**WHAT YOU WILL DO**
Pictures aside, return all of the records exactly as they stand.

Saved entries
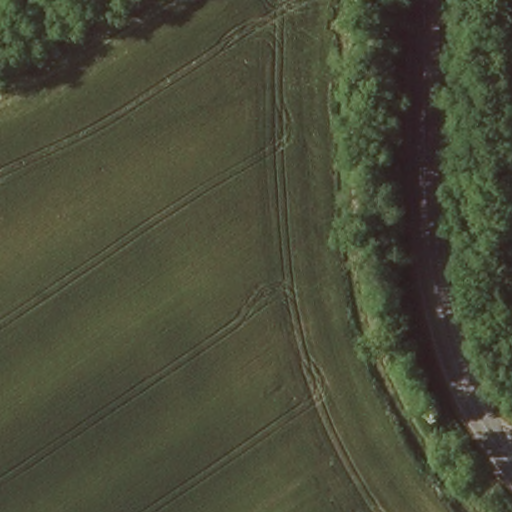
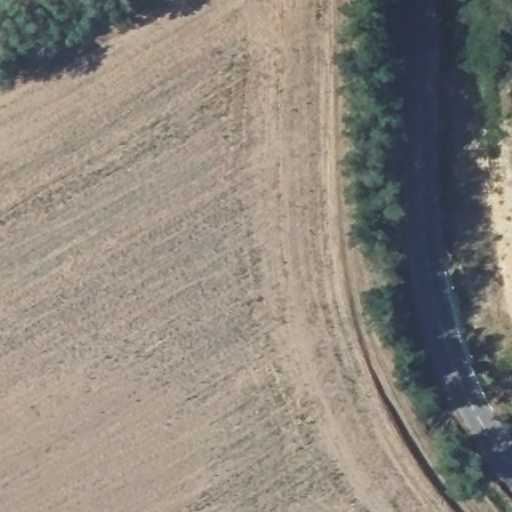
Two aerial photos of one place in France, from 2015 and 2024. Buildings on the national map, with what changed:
unchanged [(0,4),(0,0),(6,0),(6,4),(0,4)]

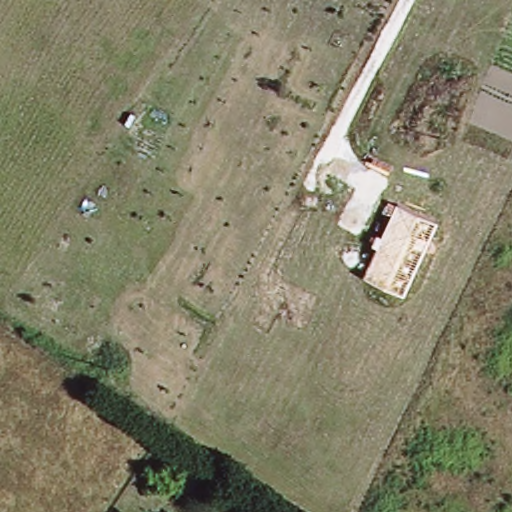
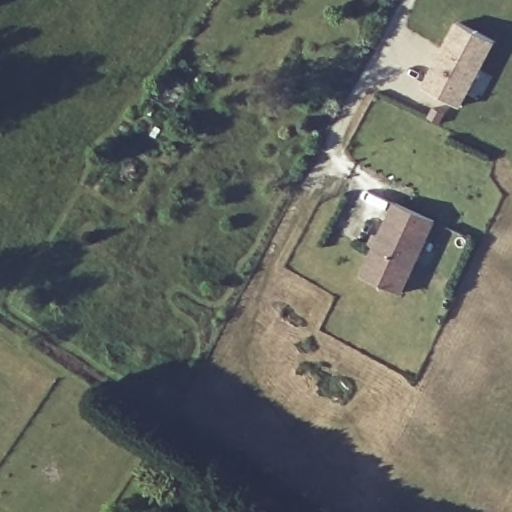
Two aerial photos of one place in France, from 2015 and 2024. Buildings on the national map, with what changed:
new [(462,23),(498,41),(464,106),(429,88),(462,23)]
unchanged [(436,221),(403,293),(362,275),(394,202),(436,221)]

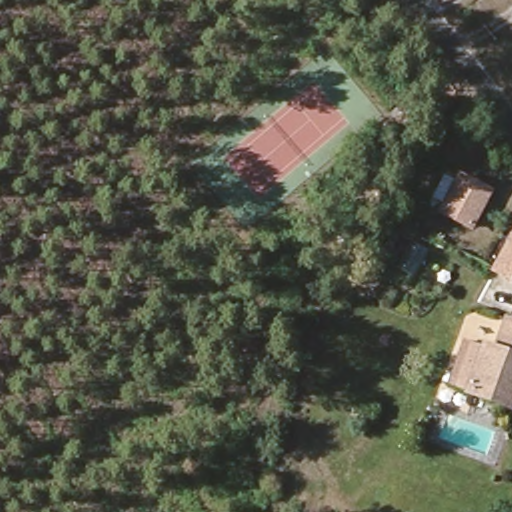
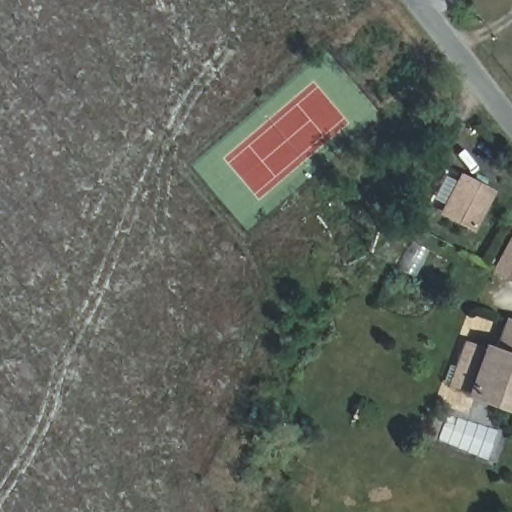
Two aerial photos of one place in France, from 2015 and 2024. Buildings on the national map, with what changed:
unchanged [(469,229),(441,212),(462,178),(490,195),(469,229)]
unchanged [(512,261),(512,286),(501,282),(512,261)]
unchanged [(450,389),(466,345),(485,352),(485,351),(495,354),(506,324),(512,326),(512,412),(450,389)]

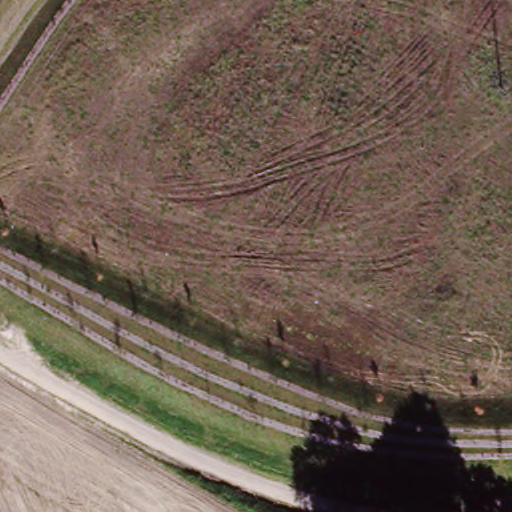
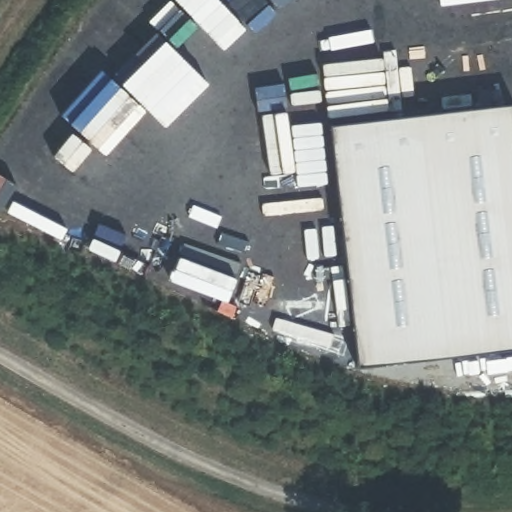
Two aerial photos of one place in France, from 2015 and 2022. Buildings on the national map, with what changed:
new [(512,353),(367,372),(335,131),(512,107),(512,353)]

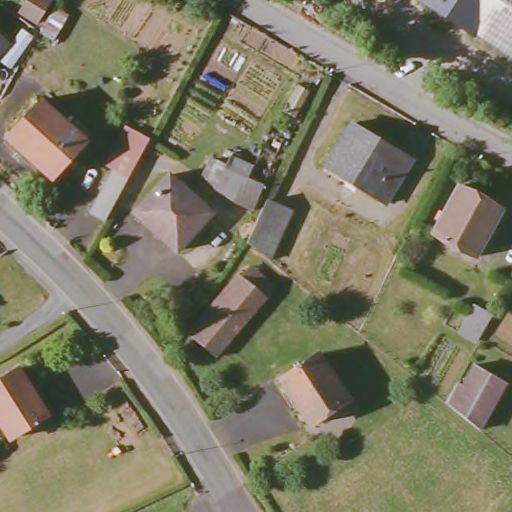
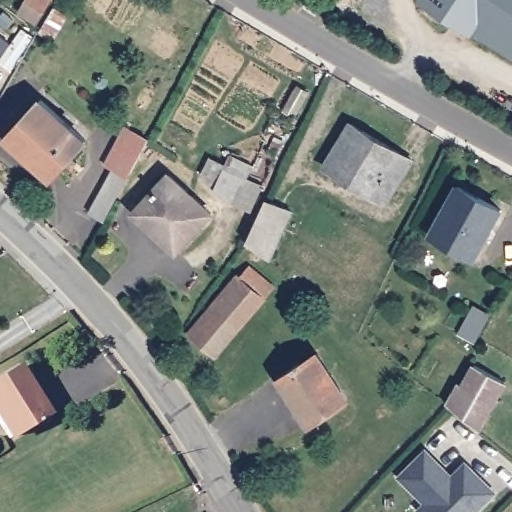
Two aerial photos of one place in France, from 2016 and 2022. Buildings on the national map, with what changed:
unchanged [(35,26),(18,15),(29,0),(54,0),(50,5),(35,26)]
unchanged [(326,0),(330,4),(319,19),(302,10),(314,0),(326,0)]
unchanged [(471,33),(423,0),(493,0),(474,29),(471,33)]
unchanged [(512,0),(512,54),(474,29),(493,0),(512,0)]
unchanged [(15,67),(4,58),(28,28),(38,36),(15,67)]
unchanged [(0,30),(14,41),(0,58),(0,30)]
unchanged [(290,116),(281,110),(293,89),(301,93),(290,116)]
unchanged [(82,140),(48,176),(6,137),(38,101),(82,140)]
unchanged [(418,159),(394,202),(331,169),(356,123),(418,159)]
unchanged [(92,208),(116,166),(107,161),(120,138),(127,125),(150,138),(141,152),(107,216),(92,208)]
unchanged [(255,209),(218,189),(231,166),(237,155),(258,166),(253,177),(268,184),(255,209)]
unchanged [(170,177),(211,218),(178,253),(135,214),(170,177)]
unchanged [(475,253),(432,232),(456,187),(496,207),(475,253)]
unchanged [(271,197),(293,210),(271,255),(250,239),(271,197)]
unchanged [(192,335),(240,273),(243,275),(251,266),(274,283),(266,293),(270,296),(251,320),(233,343),(222,358),(192,335)]
unchanged [(470,340),(455,332),(470,306),(485,313),(470,340)]
unchanged [(311,421),(281,377),(317,353),(347,398),(311,421)]
unchanged [(8,438),(0,425),(0,378),(19,366),(48,413),(8,438)]
unchanged [(452,386),(460,389),(472,367),(503,386),(479,429),(444,401),(452,386)]
new [(496,490),(475,512),(420,512),(418,510),(423,503),(398,476),(427,448),(453,474),(465,460),(496,490)]

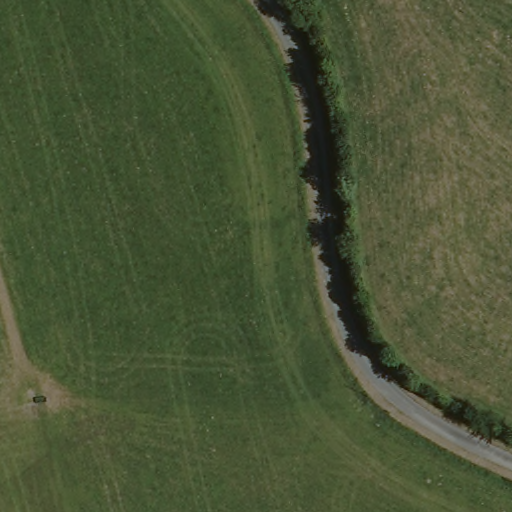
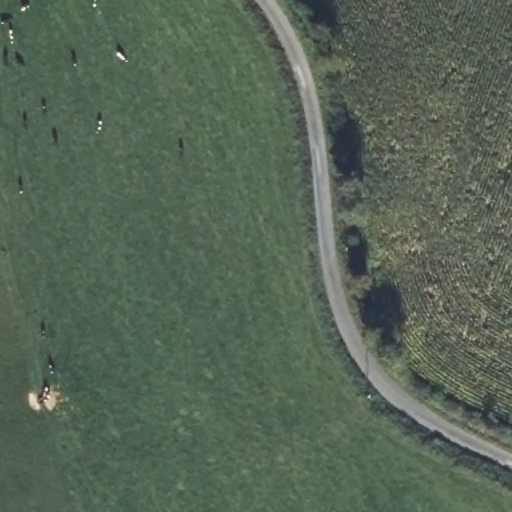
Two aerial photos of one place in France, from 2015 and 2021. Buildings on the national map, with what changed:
[]

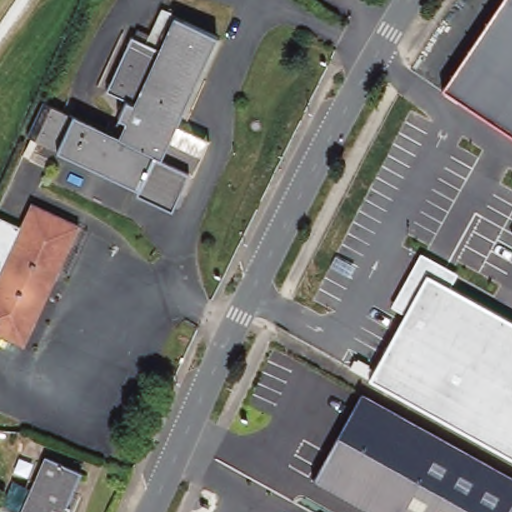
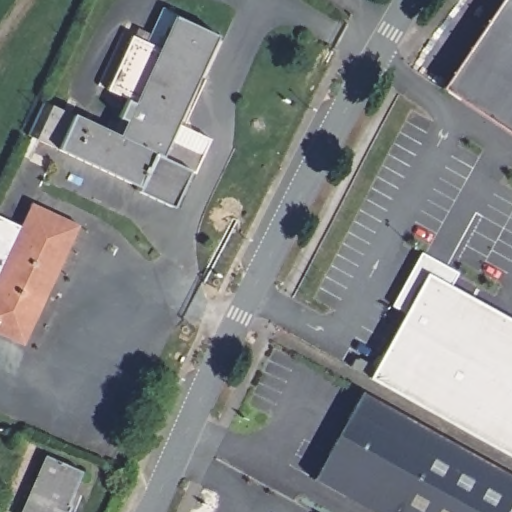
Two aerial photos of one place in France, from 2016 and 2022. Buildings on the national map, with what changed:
unchanged [(497,0),(512,0),(512,140),(438,91),(497,0)]
unchanged [(202,155),(194,174),(187,172),(172,208),(138,193),(140,188),(30,138),(46,102),(122,138),(129,124),(120,120),(129,101),(110,92),(134,38),(149,44),(163,9),(218,35),(178,124),(207,139),(202,155)]
unchanged [(36,199),(84,222),(30,341),(0,328),(0,277),(0,211),(25,224),(36,199)]
unchanged [(405,313),(391,306),(420,253),(458,274),(451,289),(512,323),(512,456),(370,378),(405,313)]
unchanged [(360,393),(512,475),(512,512),(375,512),(315,479),(360,393)]
unchanged [(69,501),(73,503),(69,512),(26,512),(51,455),(83,471),(69,501)]
unchanged [(317,509),(322,512),(316,512),(317,509)]

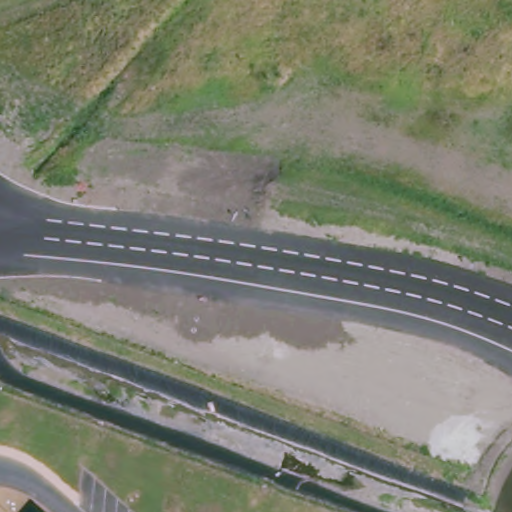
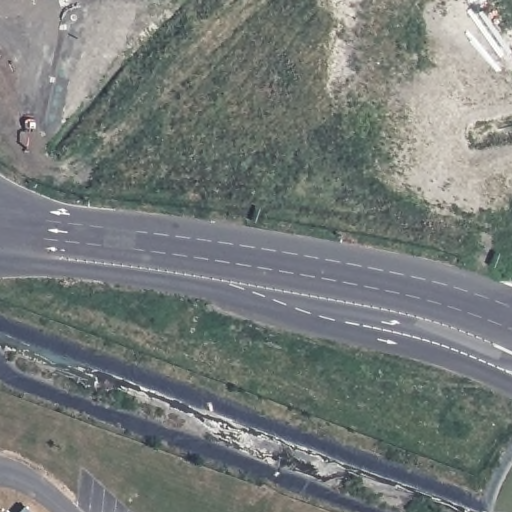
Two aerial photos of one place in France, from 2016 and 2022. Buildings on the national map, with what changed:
[]

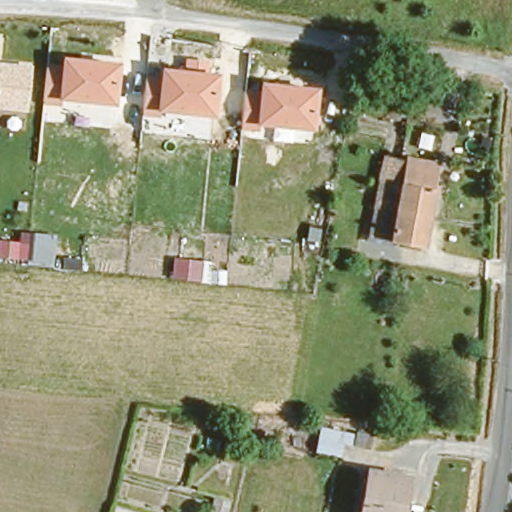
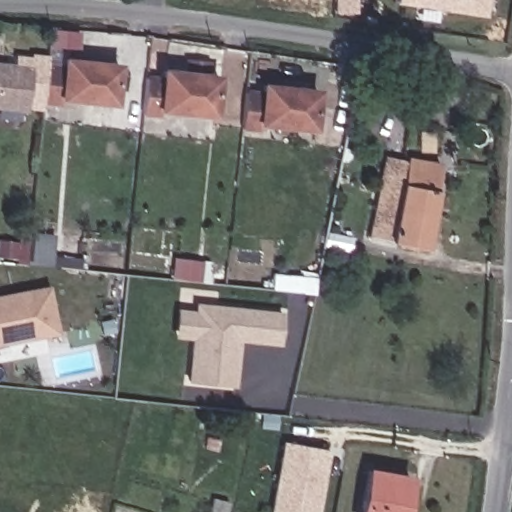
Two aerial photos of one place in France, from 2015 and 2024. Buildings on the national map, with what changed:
new [(396,3),(397,0),(488,0),(485,16),(396,3)]
unchanged [(115,102),(63,98),(62,104),(45,103),(48,66),(64,68),(65,58),(119,64),(115,102)]
unchanged [(32,64),(27,111),(0,109),(0,62),(32,64)]
unchanged [(160,114),(142,112),(145,77),(164,79),(166,70),(220,76),(215,113),(161,108),(160,114)]
unchanged [(313,129),(260,123),(260,129),(240,128),(244,92),(263,94),(265,84),(317,90),(313,129)]
unchanged [(398,199),(408,142),(422,144),(439,146),(437,156),(425,238),(370,230),(372,212),(375,196),(398,199)]
new [(34,234),(57,236),(54,268),(30,266),(34,234)]
new [(55,331),(0,343),(0,295),(45,285),(55,331)]
new [(195,305),(278,313),(276,343),(230,339),(230,350),(235,350),(232,386),(187,382),(195,305)]
demolished [(371,452),(344,446),(340,459),(313,453),(320,425),(375,439),(371,452)]
new [(312,512),(274,512),(268,511),(281,439),(323,447),(312,512)]
unchanged [(365,466),(407,472),(403,512),(359,512),(365,466)]

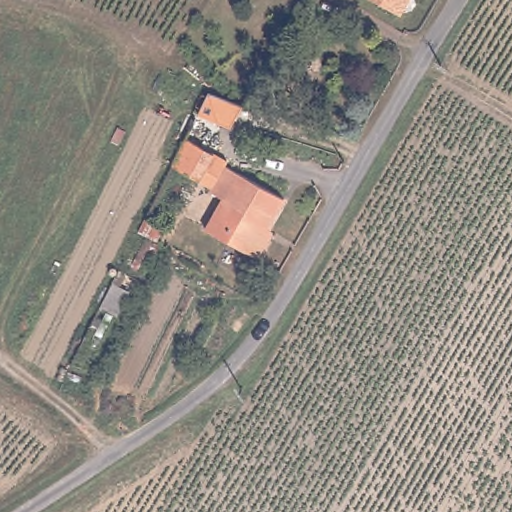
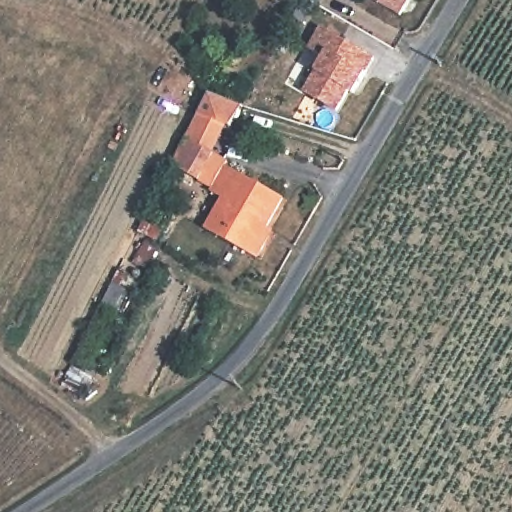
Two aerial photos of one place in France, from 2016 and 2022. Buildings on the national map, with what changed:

**FINISHED TASK**
Two aerial photos of one place in France, from 2015 and 2024. Buildings on the national map, with what changed:
unchanged [(0,4),(0,0),(6,0),(6,4),(0,4)]

Two aerial photos of one place in France, from 2015 and 2024. Buildings on the national map, with what changed:
new [(462,23),(498,41),(464,106),(429,88),(462,23)]
unchanged [(436,221),(403,293),(362,275),(394,202),(436,221)]

Two aerial photos of one place in France, from 2015 and 2024. Buildings on the national map, with what changed:
unchanged [(469,229),(441,212),(462,178),(490,195),(469,229)]
unchanged [(512,261),(512,286),(501,282),(512,261)]
unchanged [(450,389),(466,345),(485,352),(485,351),(495,354),(506,324),(512,326),(512,412),(450,389)]

Two aerial photos of one place in France, from 2015 and 2022. Buildings on the national map, with what changed:
new [(512,353),(367,372),(335,131),(512,107),(512,353)]

Two aerial photos of one place in France, from 2016 and 2022. Buildings on the national map, with what changed:
unchanged [(35,26),(18,15),(29,0),(54,0),(50,5),(35,26)]
unchanged [(326,0),(330,4),(319,19),(302,10),(314,0),(326,0)]
unchanged [(471,33),(423,0),(493,0),(474,29),(471,33)]
unchanged [(512,0),(512,54),(474,29),(493,0),(512,0)]
unchanged [(15,67),(4,58),(28,28),(38,36),(15,67)]
unchanged [(0,30),(14,41),(0,58),(0,30)]
unchanged [(290,116),(281,110),(293,89),(301,93),(290,116)]
unchanged [(82,140),(48,176),(6,137),(38,101),(82,140)]
unchanged [(418,159),(394,202),(331,169),(356,123),(418,159)]
unchanged [(92,208),(116,166),(107,161),(120,138),(127,125),(150,138),(141,152),(107,216),(92,208)]
unchanged [(255,209),(218,189),(231,166),(237,155),(258,166),(253,177),(268,184),(255,209)]
unchanged [(170,177),(211,218),(178,253),(135,214),(170,177)]
unchanged [(475,253),(432,232),(456,187),(496,207),(475,253)]
unchanged [(271,197),(293,210),(271,255),(250,239),(271,197)]
unchanged [(192,335),(240,273),(243,275),(251,266),(274,283),(266,293),(270,296),(251,320),(233,343),(222,358),(192,335)]
unchanged [(470,340),(455,332),(470,306),(485,313),(470,340)]
unchanged [(311,421),(281,377),(317,353),(347,398),(311,421)]
unchanged [(8,438),(0,425),(0,378),(19,366),(48,413),(8,438)]
unchanged [(452,386),(460,389),(472,367),(503,386),(479,429),(444,401),(452,386)]
new [(496,490),(475,512),(420,512),(418,510),(423,503),(398,476),(427,448),(453,474),(465,460),(496,490)]

Two aerial photos of one place in France, from 2015 and 2021. Buildings on the national map, with what changed:
[]

Two aerial photos of one place in France, from 2016 and 2022. Buildings on the national map, with what changed:
unchanged [(497,0),(512,0),(512,140),(438,91),(497,0)]
unchanged [(202,155),(194,174),(187,172),(172,208),(138,193),(140,188),(30,138),(46,102),(122,138),(129,124),(120,120),(129,101),(110,92),(134,38),(149,44),(163,9),(218,35),(178,124),(207,139),(202,155)]
unchanged [(36,199),(84,222),(30,341),(0,328),(0,277),(0,211),(25,224),(36,199)]
unchanged [(405,313),(391,306),(420,253),(458,274),(451,289),(512,323),(512,456),(370,378),(405,313)]
unchanged [(360,393),(512,475),(512,512),(375,512),(315,479),(360,393)]
unchanged [(69,501),(73,503),(69,512),(26,512),(51,455),(83,471),(69,501)]
unchanged [(317,509),(322,512),(316,512),(317,509)]

Two aerial photos of one place in France, from 2016 and 2022. Buildings on the national map, with what changed:
[]

Two aerial photos of one place in France, from 2015 and 2024. Buildings on the national map, with what changed:
new [(396,3),(397,0),(488,0),(485,16),(396,3)]
unchanged [(115,102),(63,98),(62,104),(45,103),(48,66),(64,68),(65,58),(119,64),(115,102)]
unchanged [(32,64),(27,111),(0,109),(0,62),(32,64)]
unchanged [(160,114),(142,112),(145,77),(164,79),(166,70),(220,76),(215,113),(161,108),(160,114)]
unchanged [(313,129),(260,123),(260,129),(240,128),(244,92),(263,94),(265,84),(317,90),(313,129)]
unchanged [(398,199),(408,142),(422,144),(439,146),(437,156),(425,238),(370,230),(372,212),(375,196),(398,199)]
new [(34,234),(57,236),(54,268),(30,266),(34,234)]
new [(55,331),(0,343),(0,295),(45,285),(55,331)]
new [(195,305),(278,313),(276,343),(230,339),(230,350),(235,350),(232,386),(187,382),(195,305)]
demolished [(371,452),(344,446),(340,459),(313,453),(320,425),(375,439),(371,452)]
new [(312,512),(274,512),(268,511),(281,439),(323,447),(312,512)]
unchanged [(365,466),(407,472),(403,512),(359,512),(365,466)]

Two aerial photos of one place in France, from 2016 and 2022. Buildings on the national map, with what changed:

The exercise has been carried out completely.